La formule qui fait recette dans le cinéma de ces années-là est « une star, six chansons, trois danses » Le sujet du film doit être une « romance » et l'histoire habituellement déroulée est une histoire d'amour où l'obstacle n'est jamais un problème social… Certes, on l'a dit, l'idéalisme de Raj Kapoor reste assez naïf, l'idéologie se limite à une bonne conscience un peu sirupeuse. Les femmes qui portent des bassines sur leur tête au début de Shree 420 n'ont rien de damnées de la terre mais traversent la route en riant… L'histoire ne raconte pas une révolution, même si la disparité des conditions est soulignée, même si l'on montre que les riches corrompus ont tout pouvoir alors que les travailleurs pauvres et honnêtes ont faim. À la fin du film, le status quo social est maintenu [2]
Toutefois, ce Charlot indien inventé avec Abbas introduit dans ce monde urbain reconstitué en studio un soupçon de conscience sociale ; une fissure se dessine dans l'univers factice reconstruit par l'usine à rêves de Bombay… toute une jeunesse victime des préjugés s'identifie avec ce personnage. Cet awaara, ce « vagabond » inventé par le tandem K.A. Abbas et Raj Kapoor, capte inconscient collectif de façon aussi puissante que l'avait fait Devdas. Dans ces années-là, Raj Kapoor devient une véritable légende, un mythe vivant. Il incarne l'homme qui dévoue sa vie au cinéma, qui confond sa vie avec le cinéma. En lui fusionnent un personnage, un acteur, un réalisateur, qui tous portent le même nom, Raj. Ses premières créations, Aag mais surtout Barsaat, Awaara et Shree 420, fabriquent le mythe et ce mythe est fondé sur une double invention, celle d'un couple, celui formé avec Nargis, autre star du cinéma, et celle d'un personnage incarnant l'homme ordinaire maltraité par la société.

Une vie de cinéma

Plaire au public, c'est inventer une famille de cinéma et faire du cinéma une famille. Raj Kapoor (1924-1988) naît à Peshawar, dans une famille de gens du spectacle. Son père lui fait mener une vie de Bohème, de Dehradun à Bombay en passant par Calcutta… Raj commence à jouer très jeune, interprétant des petits rôles, que ce soit dans des pièces de théâtre ou même, dès 1935, dans des films. Il exerce toutes sortes de métiers liés au spectacle (il occupe le poste d'assistant technique pour la troupe de son père, travaille comme clapman dans les studios de Bombay, etc.) et c'est tout naturellement qu'il en vient à la réalisation en 1947 avec Aag (Le feu).
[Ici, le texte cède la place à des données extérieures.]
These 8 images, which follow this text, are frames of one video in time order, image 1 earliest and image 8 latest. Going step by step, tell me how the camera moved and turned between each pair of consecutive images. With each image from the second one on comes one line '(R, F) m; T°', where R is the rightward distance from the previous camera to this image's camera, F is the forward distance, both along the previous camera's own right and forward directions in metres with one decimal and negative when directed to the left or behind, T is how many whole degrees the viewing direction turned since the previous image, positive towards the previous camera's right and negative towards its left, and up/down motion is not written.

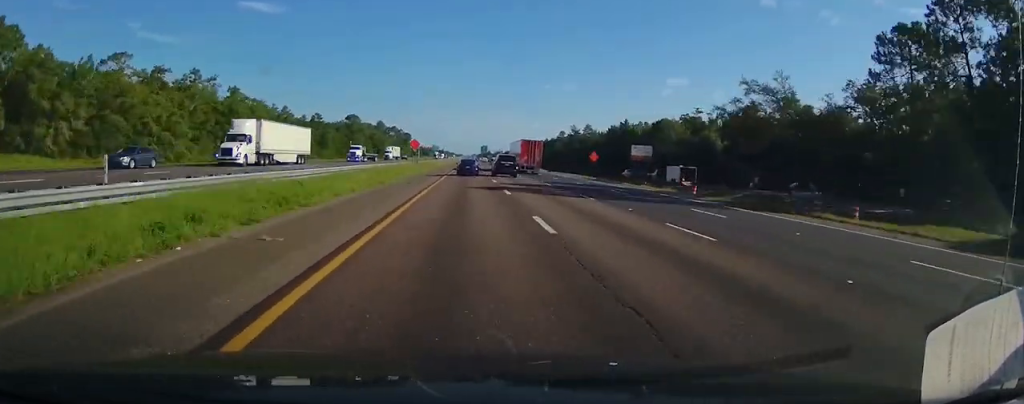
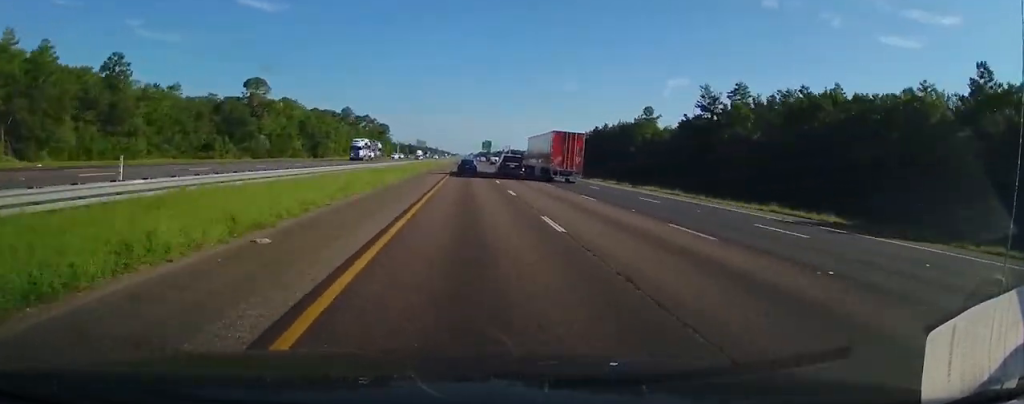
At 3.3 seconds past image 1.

Par ailleurs, il connaît son premier succès d'acteur aux côtés de Nargis, en 1949, dans un film de Mehboob Khan, Andaz. En 1947, il fonde son propre studio de cinéma, R.K. Studios, à Chembur, un faubourg de Bombay, et sa propre maison de production, R.K. Films.
Raj Kapoor est considéré comme le « real showman » du cinéma indien, non seulement parce qu'il fait de sa vie du cinéma (Mera Nam Joker prend comme sujet sa propre vie), parce qu'il est réalisateur, acteur, producteur de ses films, mais surtout parce que le cinéma est chez lui une histoire de famille… Les enfants qui passent dans le fond du plan, lors de la scène du parapluie, sont ses propres enfants. Il ne cesse de brouiller la frontière entre sa vie et celle des personnages de ses films. Dans Awaara, le père de Raj Kapoor, incarne le juge, père du vagabond Raj, joué par Raj Kapoor lui-même, son fils dans la vie et dans le film. Une œuvre ultérieure assemble trois générations de Kapoor : en 1971, Kal Aaj Aur Kal, drame familial, met en scène le fils aîné, Randhir, qui joue aux côtés de Raj et de Prithviraj Kapoor. La lignée se poursuit et l'on en est à la génération des petits-enfants… Que le cinéma soit une histoire de famille et, d'une certaine façon, rejoue l'histoire d'une famille participerait-il au succès du personnage ?
On va voir les films de Raj Kapoor parce qu'on veut revoir les amours d'un couple de cinéma, celui formé par Nargis et Raj, un couple au magnétisme surprenant. Nargis, née Fatima Rashid en 1929, de père hindou et de mère musulmane, est en effet une femme de tête, très grande, large d'épaules, et Raj Kapoor est un homme plus petit. La paire ne cesse de mettre en scène l'attraction qui les attire l'un vers l'autre. C'est Mehboob, dans Andaz, en 1949, qui le premier associe les deux acteurs et offre à Raj Kapoor son premier succès. La paire apparaîtra dans 17 films. Dans les films de Raj Kapoor, le personnage joué par Nargis franchit des rivières et disparaît emporté par la furie des flots, traverse les couloirs des prisons, toujours se précipite pour se jeter dans les bras ou aux pieds de son amant… Quand le couple chante sous la pluie, tout est fait pour amener au baiser, le couple ne se lâche pas des yeux, se rapproche et qu'il ne peut pas y avoir d'autre issue que le baiser, le parapluie vient habilement le dérober à la vue.
L'invention d'un cinéma généreux et lyrique : le cinéma masala des origines

Raj Kapoor crée un lyrisme cinématographique qui laisse sa trace sur le cinéma populaire indien. Qu'il s'agisse des chansons, des couples rapprochés par les trombes d'eau, des bourrasques qui font voler au vent cheveux, dupattas ou saris, ces motifs deviennent des topoï du cinéma indien[3]. Raj Kapoor les mêle à un idéalisme naïf gagné parfois par un élan épique : la chanson de Raju, quand il se prépare à vagabonder 420 km en direction de Bombay et qu'une grosse voiture le laisse sur le bord de la route, fait figure d'hymne pour cette foule silencieuse et stoïque qui part avec lui vers Bombay à dos de chameaux… Raju devient le porte-voix de ces masses opprimées…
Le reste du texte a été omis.